American KunTao Silat

Uncle Bill Teachers DVDs WarChest DistanceLearning

 

Uncle Bill Teachers DVDs WarChest DistanceLearning

 

Serak® Djurus Volume I  


Item Name: Serak® Djurus
Item Number: I001
Price: $50

Item Name: Serak Djurus
Item Number: I001
Price: $50

     

This is the first of the Instructional Series and a must-have for all serious KunTao Silat practitioners.  The breadth and depth of kuntao and silat lore that Pak Chas Clements relates is staggering.  You will see the first 8 Serak Djurus performed, demonstrated and elaborated upon like you have never seen before.


Chas Clements & Trent Beach

 

 

In addition to the standard practice methods, Pak Chas details the "old" practice of training djurus in a seated position.

 

 

 


Pak Chas explains the meanings of many Indonesian terms and concepts and gives a student a clear perspective of where the arts evolved from.


Heartless Monkey Knife

 

 

 

 

 

 

Pak Chas elaborates on the use and application of the knife and the stick with the djurus.


 

 

 


 

Take a trip to Colorado via DVD and spend some time learning the intricacies of kuntao and Silat Serak®.  It will be a memorable trip!
 


Review by Steve Perry:


Those of you with an interest in penjak silat, especially the Sera(k) version, could do worse than pick up a copy of the  Thunder Rock production by Steve Gartin and Chas Clements. It can be ordered off Gartin's website -- http://kuntaosilat.com/serakdjurus.htm for fifty bucks, and for my money, is worth adding to your library.

The caveat is, I don't think you can really learn silat cold from a vid. If you are already a student of the art, yeah. If you are interested in it from an academic viewpoint, there is a lot of good material here. If you are a martial arts completist, then you'll get as much from this as you will a lot of other videos.

There are some things you can pick up and apply to your own art. Kinds of strikes, and distances and such. And if you have skill in one art, you might see parallels here, but the feel of silat is such that you need at least some hands-on work with a teacher to really get it. Once
that is done, a video can be a useful adjunct, and I suspect this was as much for Chas's long-distance students as for general release.

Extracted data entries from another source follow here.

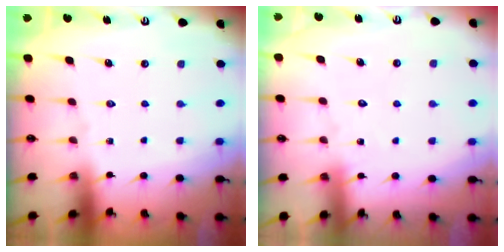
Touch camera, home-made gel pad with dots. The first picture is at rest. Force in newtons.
{"total": 6.7, "press": 6.7, "slide": 0.3}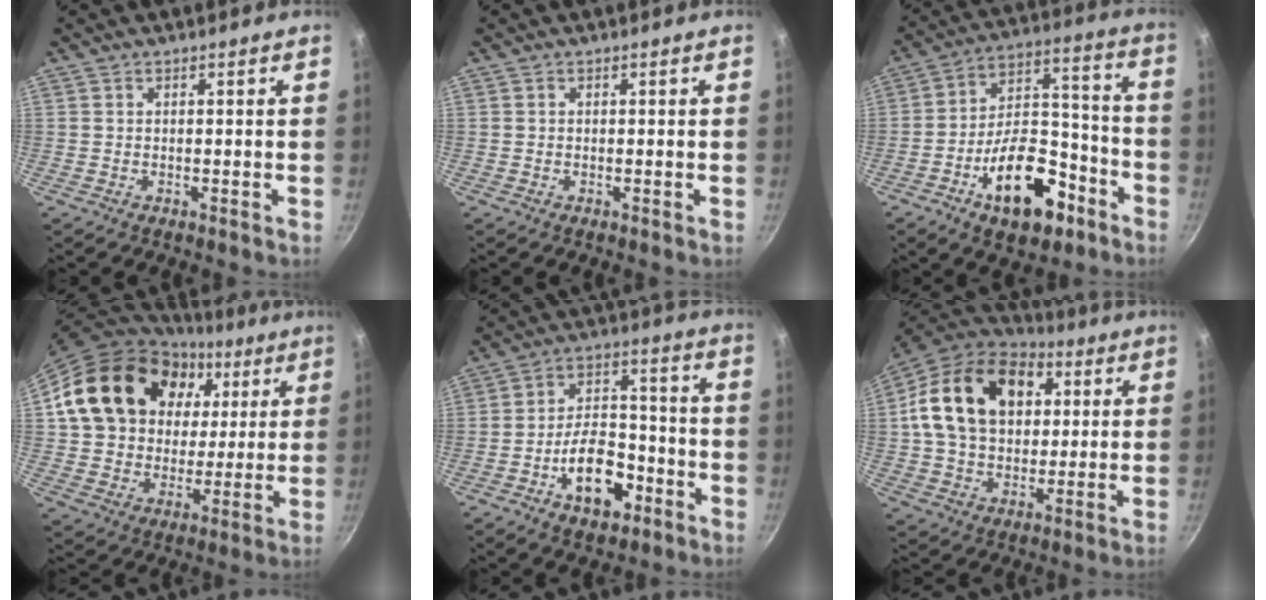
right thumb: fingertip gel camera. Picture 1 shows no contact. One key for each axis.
{"total": 0.0}
{"total": 18.9, "fx": -9.2, "fy": 10.1, "fz": 13.1, "tx": -0.169, "ty": 0.081, "tz": -0.137}
{"total": 24.2, "fx": 7.6, "fy": 19.0, "fz": 13.0, "tx": -0.215, "ty": 0.018, "tz": 0.133}
{"total": 13.0, "fx": -5.8, "fy": 7.6, "fz": 8.9, "tx": -0.116, "ty": 0.050, "tz": -0.091}
{"total": 21.7, "fx": 5.4, "fy": 15.5, "fz": 14.2, "tx": -0.223, "ty": 0.013, "tz": 0.083}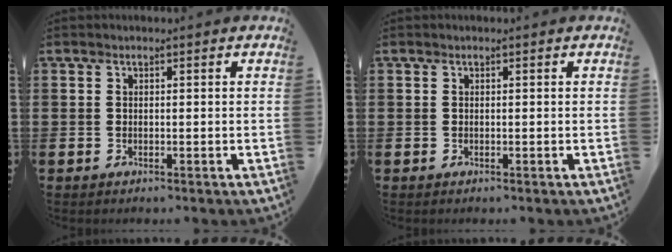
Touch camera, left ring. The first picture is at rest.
{"total": 0.0}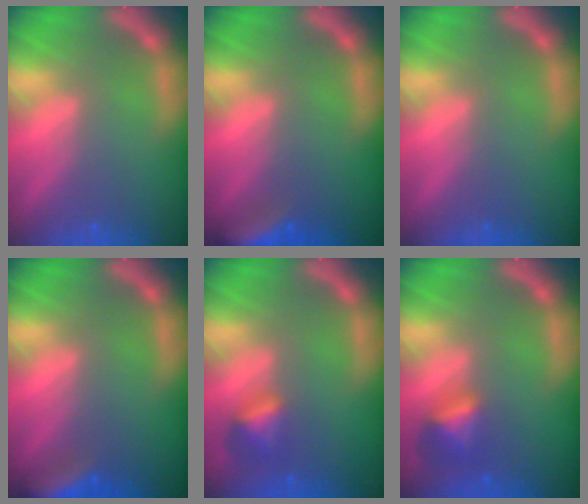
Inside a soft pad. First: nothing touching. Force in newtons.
{"total": 5.5}
{"total": 0.0}
{"total": 5.5}
{"total": 2.4}
{"total": 2.9}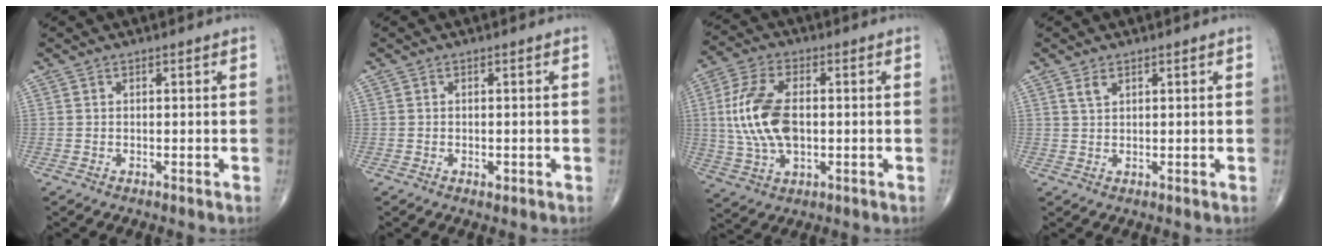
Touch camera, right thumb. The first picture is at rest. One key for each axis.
{"total": 1.0, "fx": -0.4, "fy": 0.5, "fz": 0.7, "tx": -0.011, "ty": -0.002, "tz": -0.005}
{"total": 13.8, "fx": 0.5, "fy": 7.7, "fz": 11.5, "tx": -0.236, "ty": 0.007, "tz": 0.011}
{"total": 1.8, "fx": 1.1, "fy": 0.8, "fz": 1.1, "tx": -0.021, "ty": -0.001, "tz": 0.025}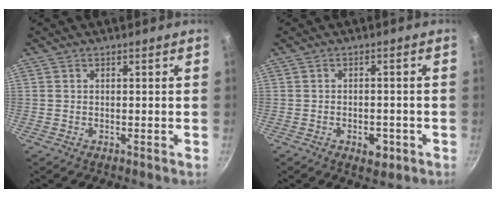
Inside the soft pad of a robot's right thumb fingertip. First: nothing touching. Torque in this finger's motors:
{"motor_torque": [-0.28, 0.17, -0.17, 0.07, -0.01]}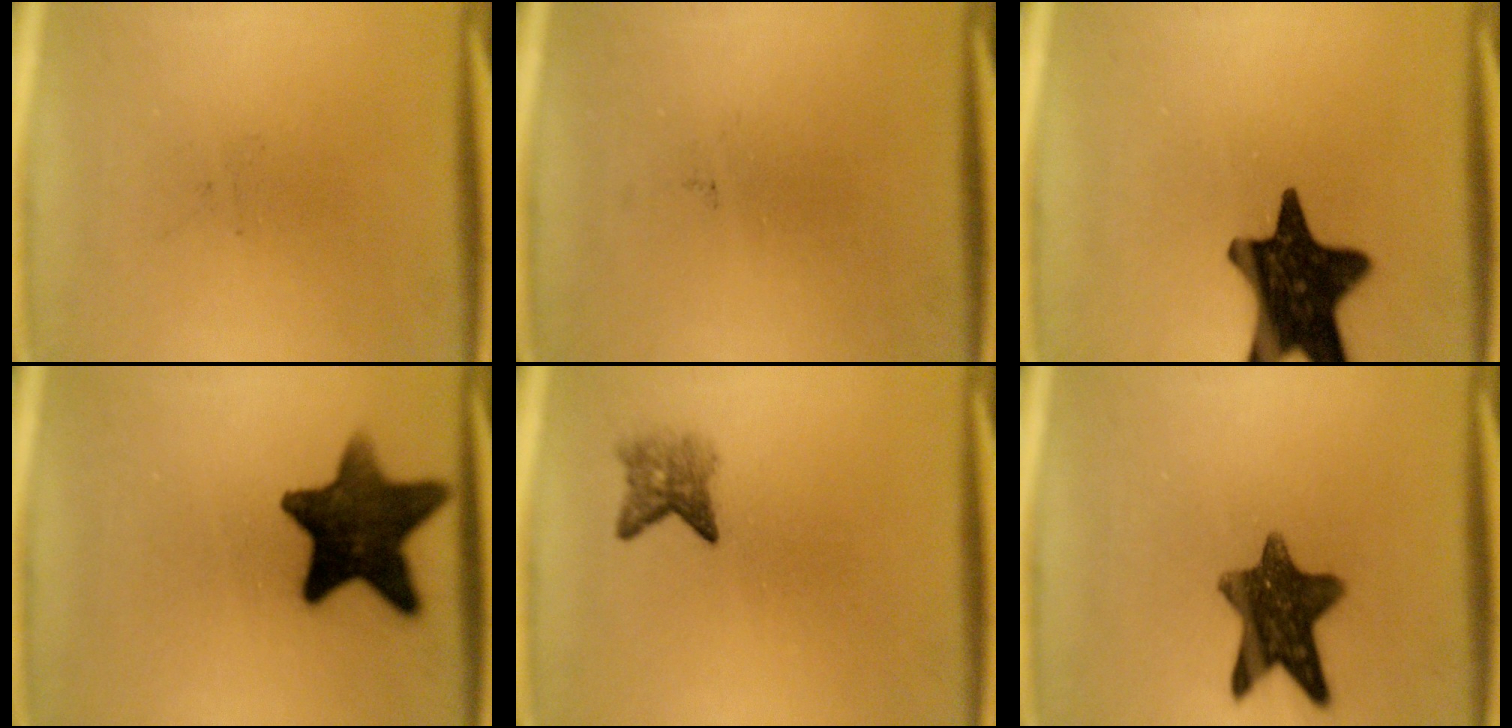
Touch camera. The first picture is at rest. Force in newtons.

It's a backyard production, so you get passing trucks, airplanes flying over, and a fly fisherman wading into the shot in one riverbank scene, but you can hear what Chas is saying okay most of the time, and the camera work is clear enough so you can see what he's talking about, which is all you really need anyhow.

You get two camera views, first from the front, then later in the vid, from an angle. I'd rather have seen them blended, cutting back and forth, but I wasn't the editor, so my opinion and a dime will get you ten pennies here ...

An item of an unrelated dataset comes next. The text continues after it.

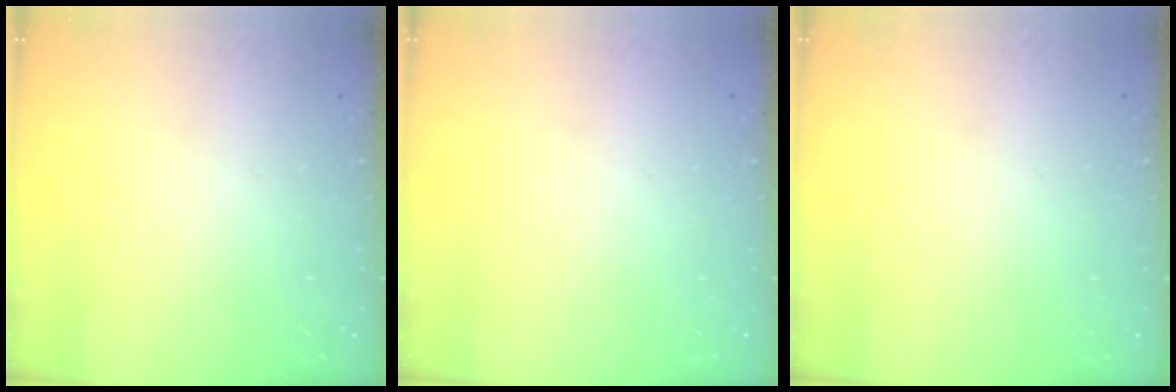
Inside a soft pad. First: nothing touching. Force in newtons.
{"total": 0.0}
{"total": 0.0}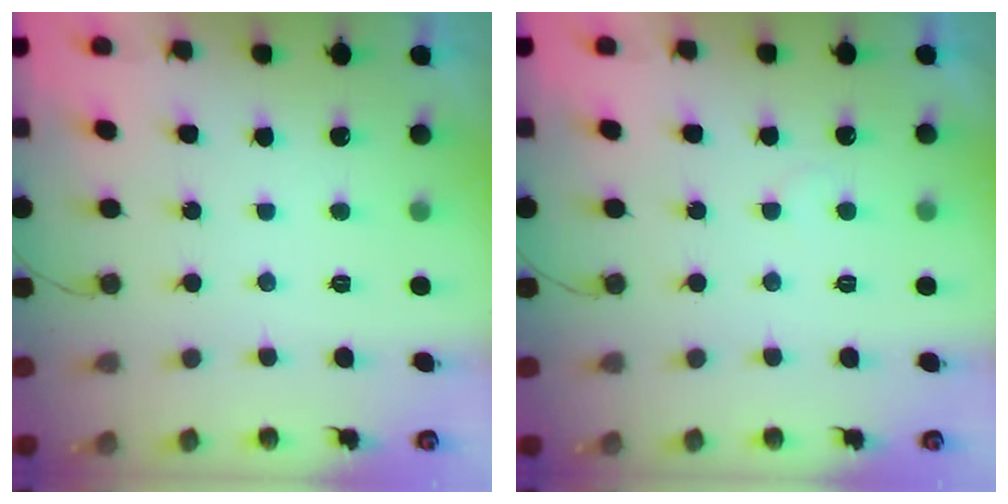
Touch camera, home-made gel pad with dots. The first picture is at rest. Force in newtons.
{"total": 3.8, "press": 3.8, "slide": 0.3}

Also something of a Socratic-style monologue with a student that works pretty well.

The meat of the presentation is in the djurus, or upper body forms.  These are usually combined with langkahs, or footwork sequences, and in some schools, they are taught together, others, they are taught separately. You can thus do the djurus sans footwork, or even sitting down. Some silat arts, like tjimande (Cimande) start out this way, and West Javanese arts like Sera(k) are almost certainly connected and related to Tjimande, which is one of the oldest systems from that region.

Sera(k) has eighteen basic djurus, and Chas demonstrates the first eight. These are the seeds from which the weapons of the art are grown, and the core of the system, and you can't learn Sera without them.   (I'll drop the 'k', which is usually silent anyway, and a recent addition not used in the old country.)

Chas's djurus don't look exactly like the ones we do in Guru Stevan Plinck's branch of the art, nor do they look like the ones currently being taught by most of Victor de Thouars's gurus, or Willem de Thouars, or Paul de Thouars -- I dunno about Maruice, in Holland. None of those look like each other -- everybody tends to put a slightly different interpretation on the djurus, and sometimes they are arranged a bit different, too, but that's no big deal, as long as you don't violate the laws upon which the variations are based.

Chas also shows that you don't need to be an Olympic-class athlete to do this stuff, which is one of Sera's selling points. If you are old, crippled, and out-of-shape and you need to be able to jump up in the air and kick an apple off the top of Kareem Abdul Jabbar's head to make your fighting tricks work? You're screwed. 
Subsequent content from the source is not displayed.